C’est la seule réponse que j’avais. Je ne savais pas vraiment pourquoi Vancouver, j’ai juste suivi mon intuition. Je n’ai pas quitté la France pour cause de licenciement, rupture amoureuse ou inflation des impôts. Je suis partie pour une raison de santé. Pas de santé physique, mais pour une raison de santé mentale.

 

Rester et tomber malade. Partir était mon seul remède.

 

J’avais bien conscience qu’en choisissant de m’envoler vers l’inconnu, ma vie allait à contre-sens de ce que la société attendait de moi: S’alléger à l’heure où il faut devenir propriétaire, quitter son travail au moment où tu dois signer ton CDI, partir seule et célibataire à l’âge où tu dois être maman de deux enfants. Contre-sens, vous avez dit ?! Difficile de vivre sa vie différemment lorsque tu es entourée de personnes que tu aimes, mais qui ont fait le choix de vivre cette vie-là, leurs vies ne sont pas la mienne. Je me suis rendu compte que ma singularité était devenue ma force.

 

En partant, j’étais libre d’exprimer qui j’étais, libre de vivre cette nouvelle vie que j’avais choisie. Et cette nouvelle vie, elle commence avec un nouveau toi.

 

Toi et toi seule.

L’expatriation, c’est être seule face à soi-même. Je n’ai plus mes repères, mes habitudes, mon entourage, rien derrière lequel je peux me cacher. Je suis face à moi. S’envoler vers l’inconnu, c’est effrayant, mais c’est aussi avant tout un moyen de découvrir sa force intérieure. La sécurité, c’est toi. La stabilité, c’est toi. Tu es la CAPITAINE du bateau, ne l’oublie pas ! Tous les jours, je découvre ce que j’ai à l’intérieur de moi, au plus profond, ce que j’ai toujours voulu cacher.

 

« Toi aussi, tu caches des choses ?! Dans ton cocon, ton quotidien, tes habitudes. »

 

Ici, je peux rien cacher.

Tout se dévoile et tout se révèle. Enfin. Mes peurs profondes, mes envies, mes projets secrets. Je ne peux mentir à personne et surtout pas à moi-même.
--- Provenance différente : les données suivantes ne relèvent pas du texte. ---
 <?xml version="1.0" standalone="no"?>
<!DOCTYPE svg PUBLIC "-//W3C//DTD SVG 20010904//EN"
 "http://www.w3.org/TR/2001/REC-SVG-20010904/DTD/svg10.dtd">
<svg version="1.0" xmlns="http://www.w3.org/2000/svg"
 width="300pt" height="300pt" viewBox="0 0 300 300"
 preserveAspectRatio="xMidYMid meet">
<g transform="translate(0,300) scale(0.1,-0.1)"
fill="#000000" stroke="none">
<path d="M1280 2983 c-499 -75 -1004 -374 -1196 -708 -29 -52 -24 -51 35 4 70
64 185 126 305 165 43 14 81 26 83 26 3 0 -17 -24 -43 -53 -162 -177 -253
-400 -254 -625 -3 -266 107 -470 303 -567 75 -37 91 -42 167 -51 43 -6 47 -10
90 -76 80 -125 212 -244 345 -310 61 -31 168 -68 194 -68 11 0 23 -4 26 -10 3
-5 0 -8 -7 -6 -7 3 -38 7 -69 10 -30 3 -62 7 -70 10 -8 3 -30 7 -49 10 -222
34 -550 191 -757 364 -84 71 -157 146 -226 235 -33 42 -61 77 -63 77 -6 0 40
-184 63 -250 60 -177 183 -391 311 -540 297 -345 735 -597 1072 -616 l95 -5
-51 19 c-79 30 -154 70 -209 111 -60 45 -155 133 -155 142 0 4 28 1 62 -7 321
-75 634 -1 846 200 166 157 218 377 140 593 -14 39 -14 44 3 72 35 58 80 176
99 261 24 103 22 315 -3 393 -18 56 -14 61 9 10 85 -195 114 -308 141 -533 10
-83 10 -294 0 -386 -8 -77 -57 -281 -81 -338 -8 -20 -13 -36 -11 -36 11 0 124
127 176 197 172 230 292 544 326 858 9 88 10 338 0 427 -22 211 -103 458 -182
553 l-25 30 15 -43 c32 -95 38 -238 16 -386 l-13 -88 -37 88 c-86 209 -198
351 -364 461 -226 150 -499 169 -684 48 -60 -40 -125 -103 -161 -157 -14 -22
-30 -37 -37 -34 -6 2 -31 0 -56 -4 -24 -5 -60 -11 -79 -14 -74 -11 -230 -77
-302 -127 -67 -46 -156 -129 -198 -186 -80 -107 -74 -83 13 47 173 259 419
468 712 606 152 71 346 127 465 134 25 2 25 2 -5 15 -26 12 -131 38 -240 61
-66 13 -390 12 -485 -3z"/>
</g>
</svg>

Je me permets de faire ce que je n’aurai jamais pensé, ni osé faire en France : Prendre enfin soin de mon corps de femme, écrire mon film, travailler en tant que photographe, collaborer et m’associer dans des projets artistiques, pouvoir vivre de mes créations.

 

Avant de partir, je vivais ma vie sans me poser de questions. Sans me poser les VRAIES questions. J’étais trop occupée à vivre mon quotidien en n’écoutant pas cette petite voix intérieure. Rassurez moi, je ne suis pas la seule à entendre une petite voix intérieure ?! Vous savez cette voix qui vous souffle de ne pas oublier qui vous êtes et ce pour quoi vous êtes faits. De ne pas oublier de vivre vos rêves, celle qui vous donne confiance en vous et qui vous guide.

 

J’ai l’intime conviction qu’en s’écoutant, on réussit à faire de grandes choses. Au moment où j’ai pris la peine de m’écouter, j’ai su que je pouvais enfin CRÉER ma VIE. Celle pour laquelle je suis partie.
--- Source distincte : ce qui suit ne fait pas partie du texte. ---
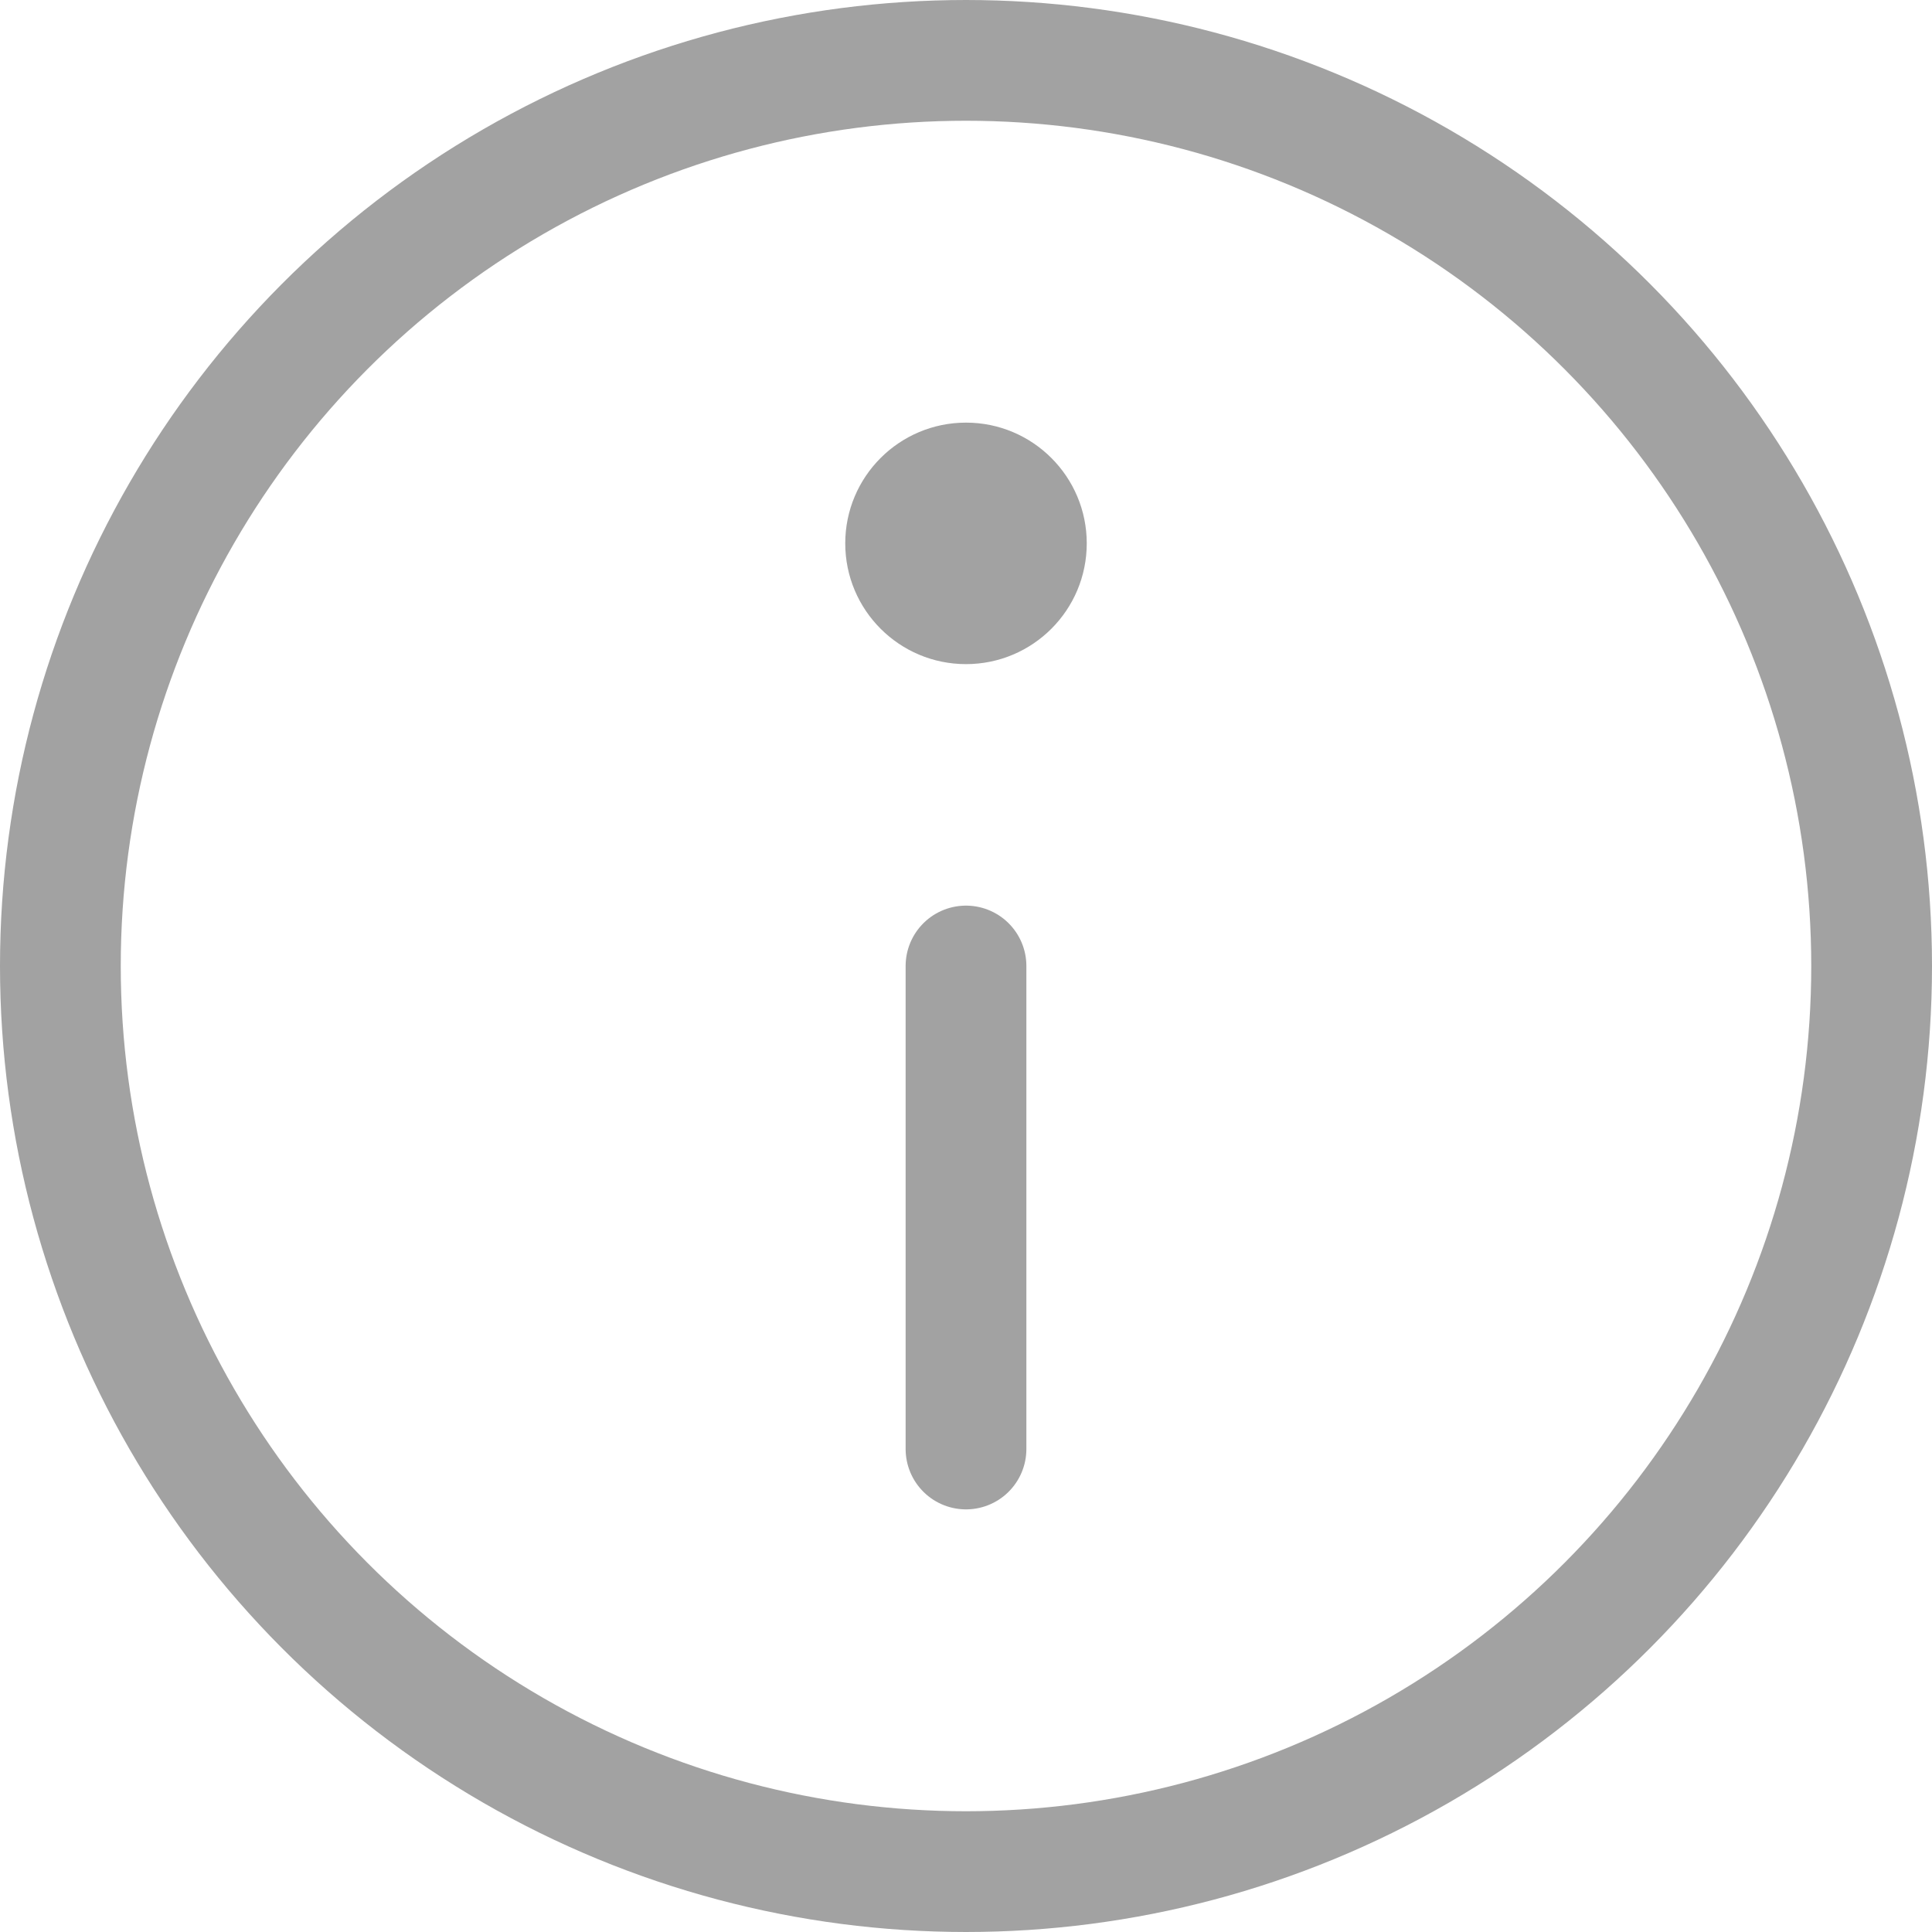<svg version="1.1" xmlns="http://www.w3.org/2000/svg" xmlns:xlink="http://www.w3.org/1999/xlink" x="0px" y="0px" viewBox="0 0 16 16" xml:space="preserve" width="16" height="16"><g class="nc-icon-wrapper" fill="#a2a2a2"><circle fill="#a2a2a2" cx="8" cy="4.5" r="1" data-cap="butt" data-color="color-2" data-stroke="none"></circle>
<circle fill="none" stroke="#a2a2a2" stroke-linecap="round" stroke-linejoin="round" stroke-miterlimit="10" cx="8" cy="8" r="7.5" data-cap="butt"></circle>
<line fill="none" stroke="#a2a2a2" stroke-linecap="round" stroke-linejoin="round" stroke-miterlimit="10" x1="8" y1="12" x2="8" y2="8" data-cap="butt" data-color="color-2"></line>
</g></svg>

Partir a été la meilleure décision que j’ai prise. J’ai réussi à dépasser mes peurs profondes et aujourd’hui, me réveiller tous les matins à Vancouver est un vrai bonheur. Je n’ai pas la prétention de vouloir changer le Monde, j’ai juste envie de changer le mien.
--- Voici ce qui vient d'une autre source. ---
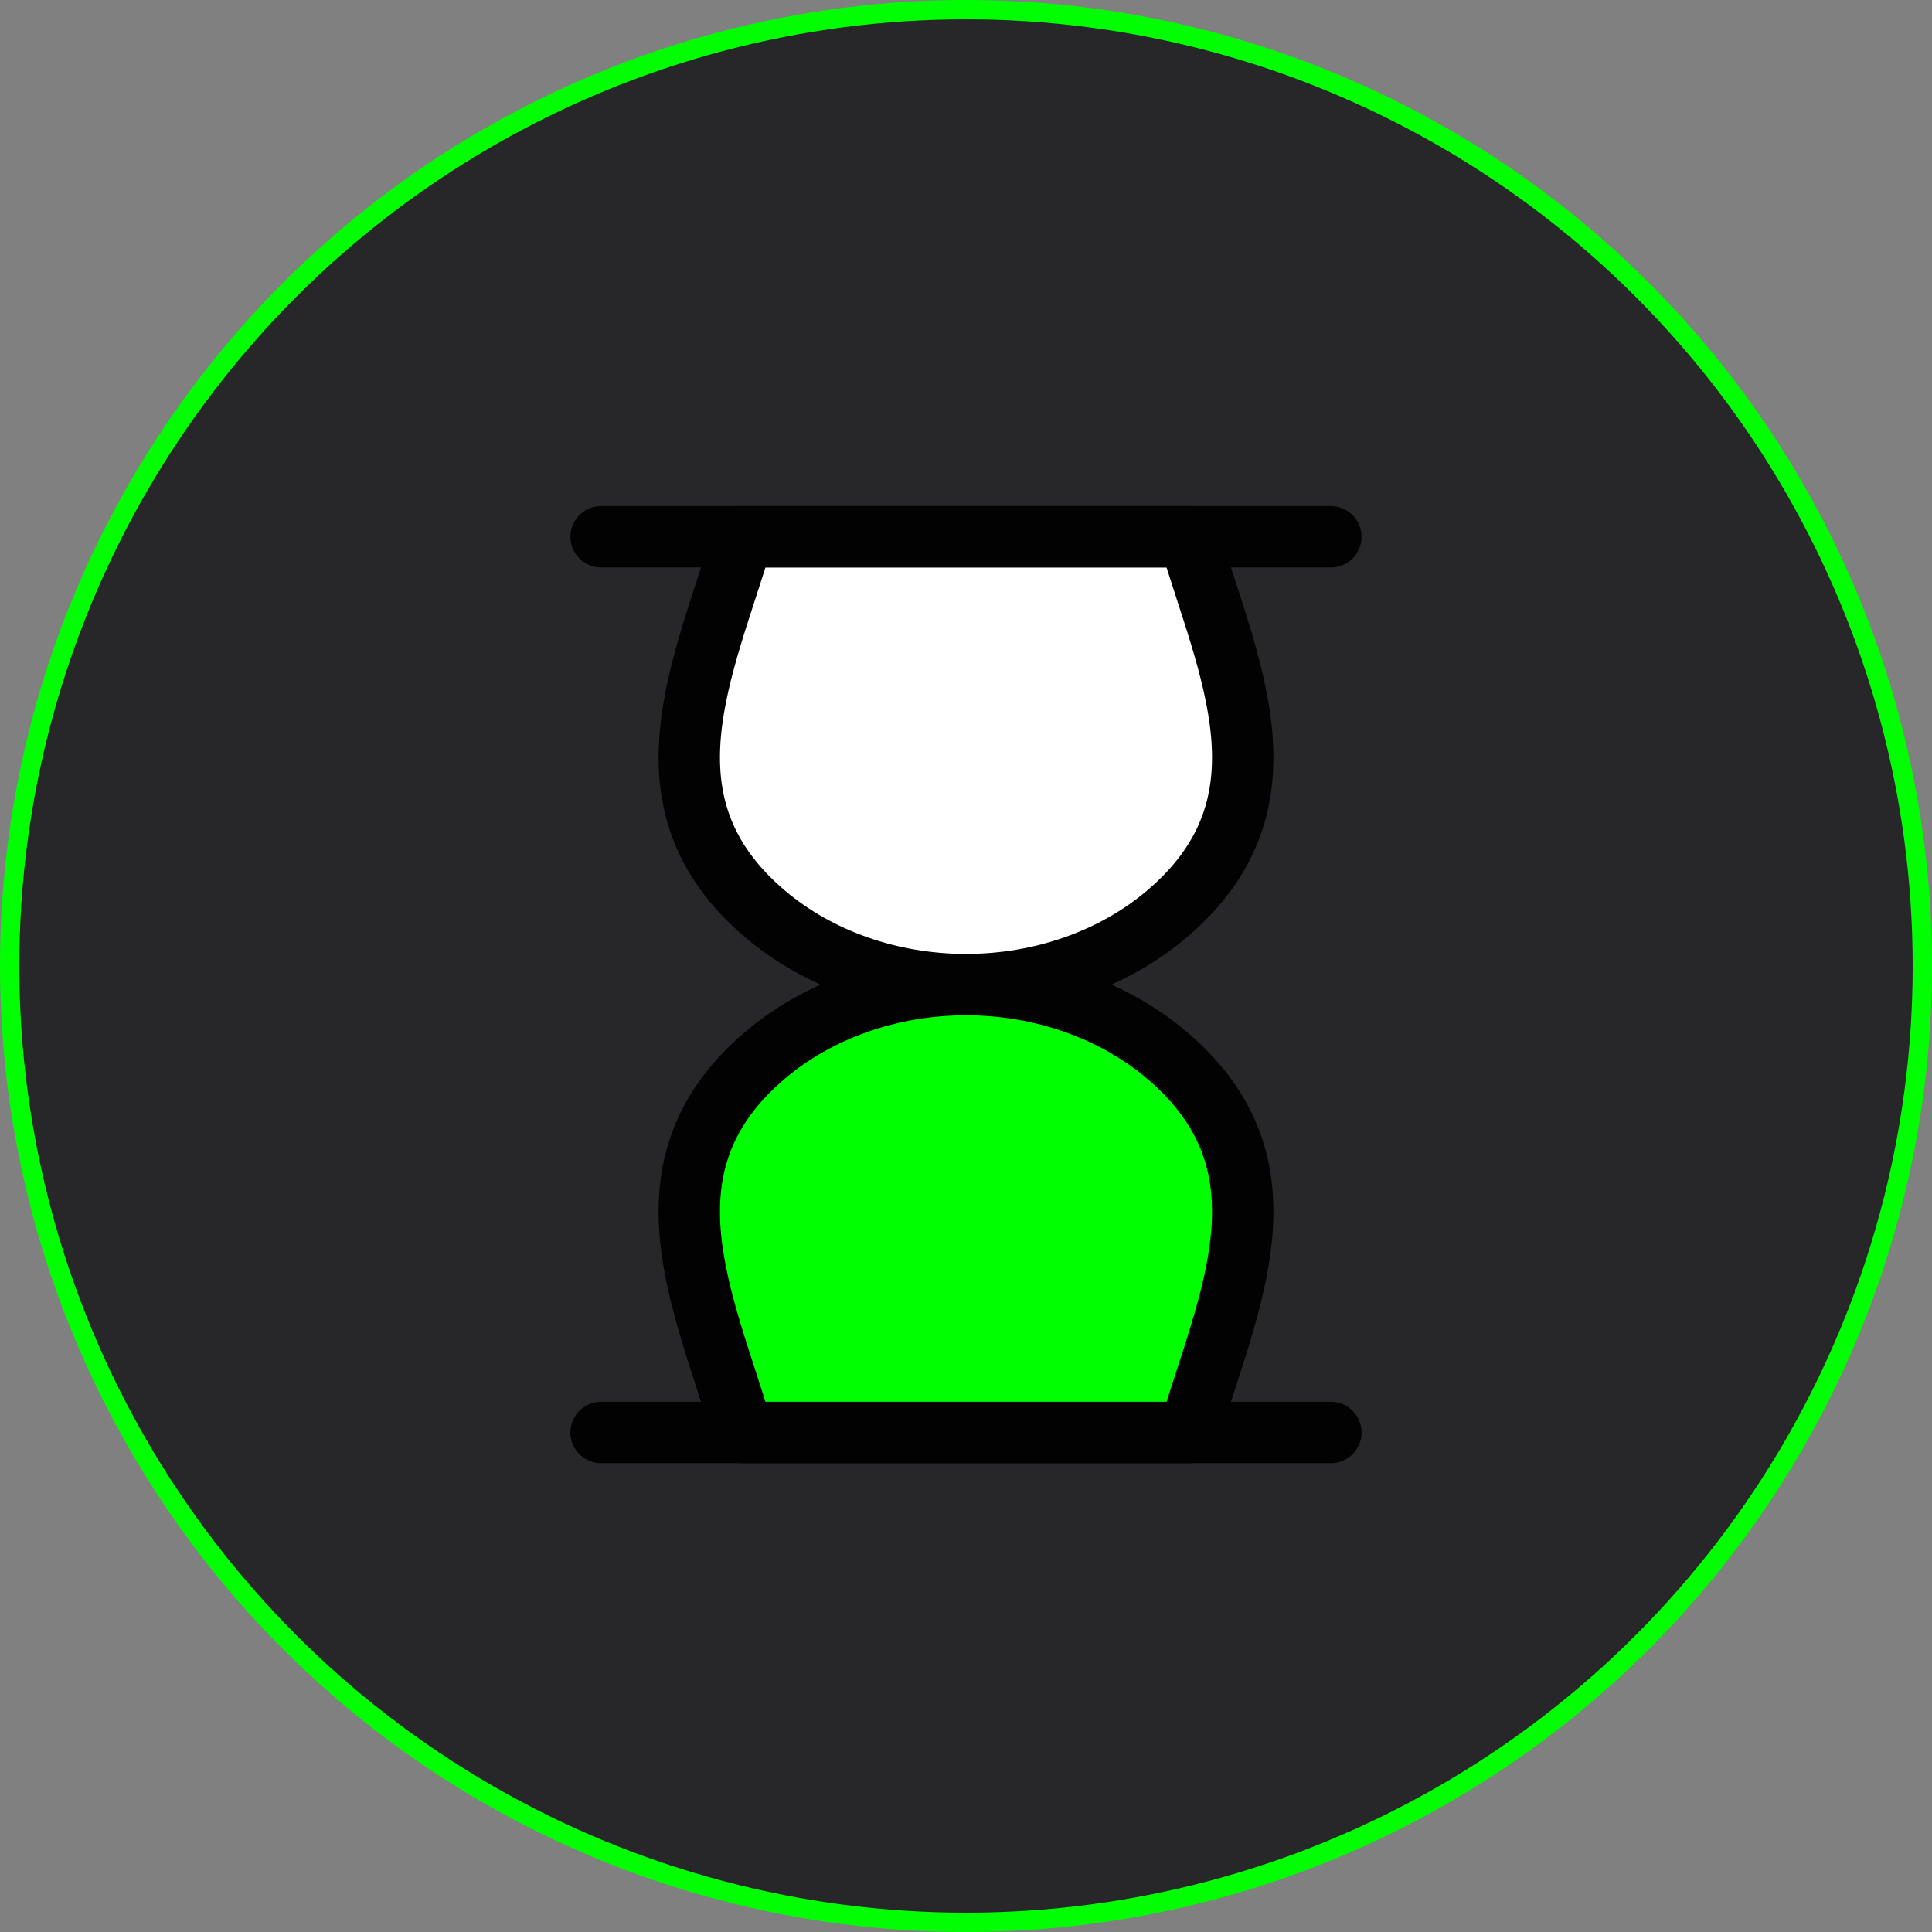 <?xml version="1.0" encoding="UTF-8"?> <svg xmlns="http://www.w3.org/2000/svg" width="100" height="100" viewBox="0 0 100 100" fill="none"><rect x="0" y="0" width="100" height="100" fill="#808080" stroke="none"/><circle cx="50" cy="50" r="49.5" fill="#27272A" stroke="#00FF01"></circle><path d="M60.4 54.619C57.642 52.279 53.901 50.963 50 50.963C46.099 50.963 42.358 52.279 39.6 54.619C32.839 60.358 36.447 67.367 38.444 74.145H61.556C63.553 67.367 67.161 60.358 60.4 54.619Z" fill="white"></path><path d="M60.4 54.619C57.642 52.279 53.901 50.963 50 50.963C46.099 50.963 42.358 52.279 39.6 54.619C32.839 60.358 36.447 67.367 38.444 74.145H61.556C63.553 67.367 67.161 60.358 60.4 54.619Z" fill="#00FF01" stroke="#020202" stroke-width="3.177" stroke-linecap="round" stroke-linejoin="round"></path><path d="M60.4 47.307C57.642 49.648 53.901 50.963 50 50.963C46.099 50.963 42.358 49.648 39.6 47.307C32.839 41.569 36.447 34.56 38.444 27.782H61.556C63.553 34.56 67.161 41.569 60.4 47.307Z" fill="white" stroke="#020202" stroke-width="3.177" stroke-linecap="round" stroke-linejoin="round"></path><path d="M31.112 27.782H68.887" stroke="#020202" stroke-width="3.177" stroke-linecap="round" stroke-linejoin="round"></path><path d="M31.112 74.145H68.887" stroke="#020202" stroke-width="3.177" stroke-linecap="round" stroke-linejoin="round"></path></svg>

Et c’est ce que j’ai fait, j’ai changé mon Monde. Mon Monde intérieur, celle que je suis.

 

« Mais pourquoi tu vas à Vancouver ?! »

« Pour me retrouver. Partir et me retrouver avec moi-même. »

 

Ce  n’est  pas  la  destination  qui  compte  mais  le  voyage : Son  voyage  intérieur.